Une étude parue en 2026 sur l'archipel des Açores montre que ces parasites ne travaillent jamais seuls. Ils s'additionnent, et surtout, l'un rend l'autre pire. Lutter contre un seul en ignorant les autres, c'est vider une barque sans colmater la fuite.
Neuf îles, une expérience impossible à monter ailleurs
Pour démêler l'effet de parasites qui coexistent presque toujours, il faudrait comparer des colonies avec et sans l'un d'eux, toutes choses égales par ailleurs. Sur le continent, c'est impossible : le varroa est partout.
Les Açores offrent ce que le laboratoire ne peut pas fabriquer. Cet archipel portugais compte neuf îles, et le varroa n'en a colonisé que trois (Pico en 2000, Flores en 2001, Faial en 2008). Les six autres en sont toujours indemnes, un statut protégé par une réglementation européenne stricte et une surveillance continue. Un partage net : des îles avec varroa, des îles sans, à quelques dizaines de kilomètres, avec les mêmes abeilles d'origine (Apis mellifera iberiensis, lignée M).
Les chercheurs y ont échantillonné 494 colonies, sur deux campagnes (2014-2015 puis 2020), recherché neuf virus plus le nosema par RT-qPCR, et modélisé les interactions par une approche bayésienne. Sept virus détectés, quatre analysables proprement : BQCV, LSV, DWV et SBV. C'est ce dispositif rare qui donne son poids aux conclusions.
Le nosema n'attaque pas seul : il ouvre la porte
Le nosema, rebaptisé Vairimorpha ceranae depuis 2020 (je détaille son action dans un autre article, sur ce que l'imagerie moléculaire révèle du parasite), infecte l'intestin moyen de l'abeille. En abîmant la paroi intestinale et en affaiblissant l'immunité, il crée un terrain favorable à d'autres pathogènes.

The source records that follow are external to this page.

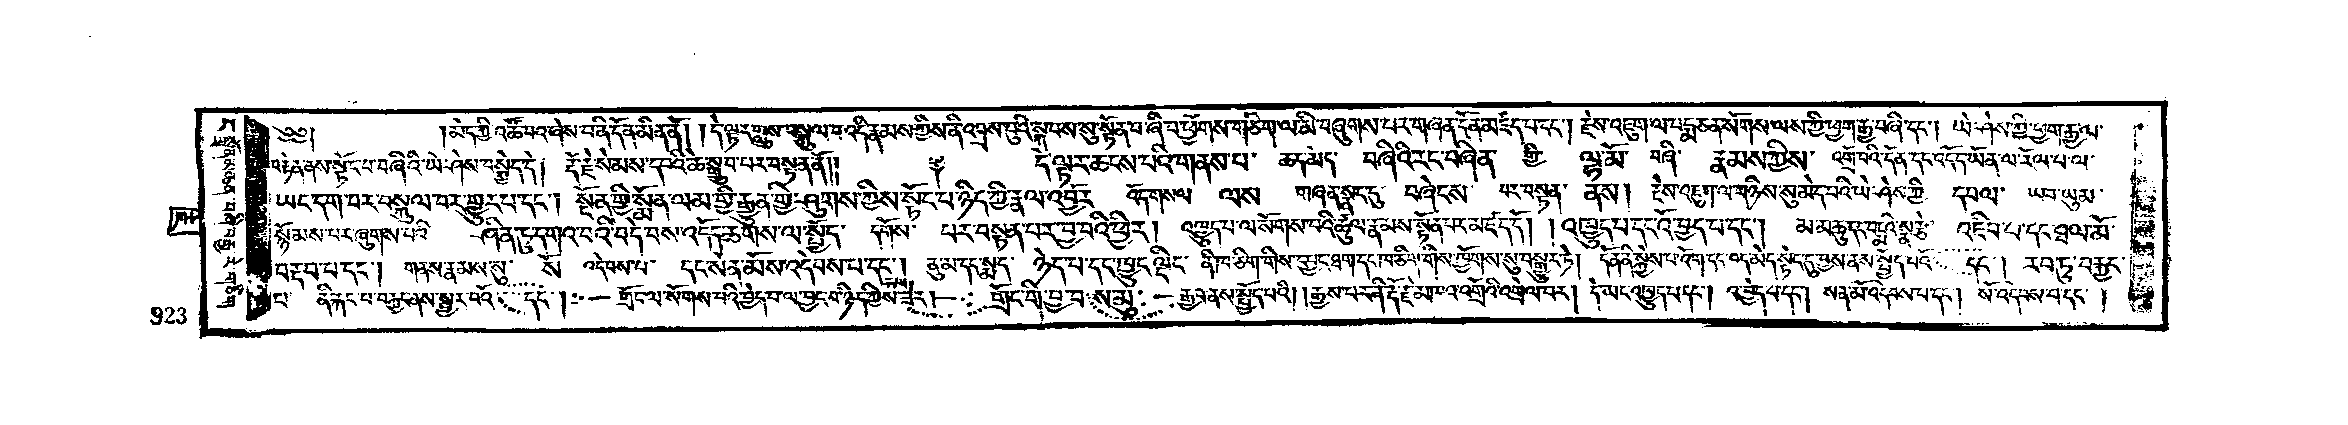༄༅། །མེད་ཀྱི་འཚོ་བའི་ཞེས་པ་ནི་དོན་མིན་ནོ། །དེ་ལྟར་གླུས་བསྐུལ་བ་འདི་རྣམས་ཀྱིས་ནི་འབྲས་བུའི་སྐབས་སུ་སྟོན་པ་ཞི་བ་ཕྱོགས་གཅིག་ལ་མེ་བཞུགས་པར་གཞན་དོན་མཛད་པ་དང་། རྗེས་འཇུག་ལ་པདམ་ཅན་སོགས་ལས་ཀྱི་ཕྱག་རྒྱ་བཞི་དང་། ཡེ་ཤེས་ཀྱི་ཕྱག་རྒྱ་ལ་
བརྟེན་ནས་སྟོང་པ་བཞིའི་ཡེ་ཤེས་བསྐྱེད་དེ། རྡོ་རྗེ་སེམས་དཔའི་ཆེ་སྒྲུབ་པར་བསྟན་ནོ།། ༈ དེ་ལྟར་ཚངས་པའི་གནས་པ་ཆད་མེད་བཞིའི་རང་བཞིན་གྱི་ལྷ་མོ་བཞི་རྣམས་ཀྱིས་འགྲོ་བའི་དོན་དང་འདོད་ཡོན་ལ་རོལ་པ་ལ
ཡང་དག་པར་བསྐུལ་བར་གྱུར་པ་དང་། སྔོན་གྱི་སྨོན་ལམ་གྱི་རྒྱུན་གྱི་ཤུགས་ཀྱིས་སྟོང་པ་ཉིད་གྱི་རྣལ་འབྱོར་འོད་གསལ་ལས་གཞན་སྣང་དུ་བཞེངས་པར་བསྟན་ནས། རྗེས་འཇུག་ལ་གཉིས་སུ་མེད་པའི་ཡེ་ཤེས་ཀྱི་དཔལ་ཡབ་ཡུམ་
སྙོམས་པར་ཞུགས་པའི་ཤིན་ཏུ་དགའ་བའི་བདེ་བས་འདོད་ཆགས་ལ་སྤྱོད་དགོས་པར་བསྟན་པར་བྱ་བའི་ཕྱིར། འཁྱུད་པ་ལ་སོགས་པའི་ཚུལ་རྣམས་སྟོན་པར་མཛད་དོ། །  འཁྱུད་པ་དང་འོ་བྱད་པ་དང་། མ་མཆུ་དང་པདམའི་སྣ་རྩེ་འཇིབ་པ་དང་ཐལ་མོ་
བརྡབ་པ་དང་། གནས་རྣམས་སུ་སོ་འདེབས་པ་དང་སེན་མོས་འདེབས་པ་དང་། ནུ་མ་དང་སྨད་ཉེད་པ་དང་ཁྱུད་ལྡིང་ནི་ཁ་ཅིག་གིས་དཔྱད་ཐག་དང་ཁ་ཅིག་གིས་ཁྱོགས་སུ་བསྒྱུར་ཏེ། དོན་ནི་སྐྱེས་པ་འོག་དང་བུད་མེད་སྟེང་དུ་བྱས་ནས་སྤྱོད་པའོ་དང་། རབ་ཏུ་བརྐྱང་
པ་ནི་རྐང་པ་བརྐྱང་ནས་སྦྱར་བའོ་དང་། H.་གྲོང་ལ་སོགས་པའི་བྱེད་པ་ལ་བྱང་བ་ཉིད་ཀྱིས་ཆག་ཟེར།  .Hགྲོང་གི་བྱ་བས་མུཿ་རྒྱབ་ནས་སྤྱོད་པའོ། །རྒྱས་པར་ནི་རྡོ་རྗེ་མཁའ་འགྲོའི་འགྲེལ་པར། དེ་མང་འཁྱུད་པ་དང་། འོ་བྱེད་པ་དང་། སེན་མོ་འདེབས་པ་དང་། སོ་འདེབས་པ་དང་།

Les charges virales mesurées le montrent nettement. Voici les médianes, en log de copies par abeille, selon que la colonie est infectée par le nosema (Vc+) ou non (Vc−) :
| Virus | Colonies Vc+ | Colonies Vc− | Sens de l'effet |
|---|---|---|---|
| LSV (Lake Sinai) | 8,61 | 7,92 | nosema aggrave |
| BQCV (cellule royale noire) | 6,96 | 6,47 | nosema aggrave |
| DWV (ailes déformées) | 6,37 | 7,18 | pas d'effet net |
| SBV (couvain sacciforme) | 5,78 | 6,70 | relation inverse |
Deux virus montent avec le nosema, le LSV et le BQCV. Pour le LSV, l'effet est fort : hausse moyenne de 1,72 log, avec une probabilité de 99,9 % qu'il soit réel. Pour le BQCV, hausse plus modérée mais confirmée.
Détail révélateur : l'effet sur le LSV passe presque uniquement par une souche précise, LSV-2. Les souches LSV-3 et LSV-9 ne réagissent pas au nosema. Ce niveau de finesse, souche par souche, distingue cette étude des travaux plus anciens.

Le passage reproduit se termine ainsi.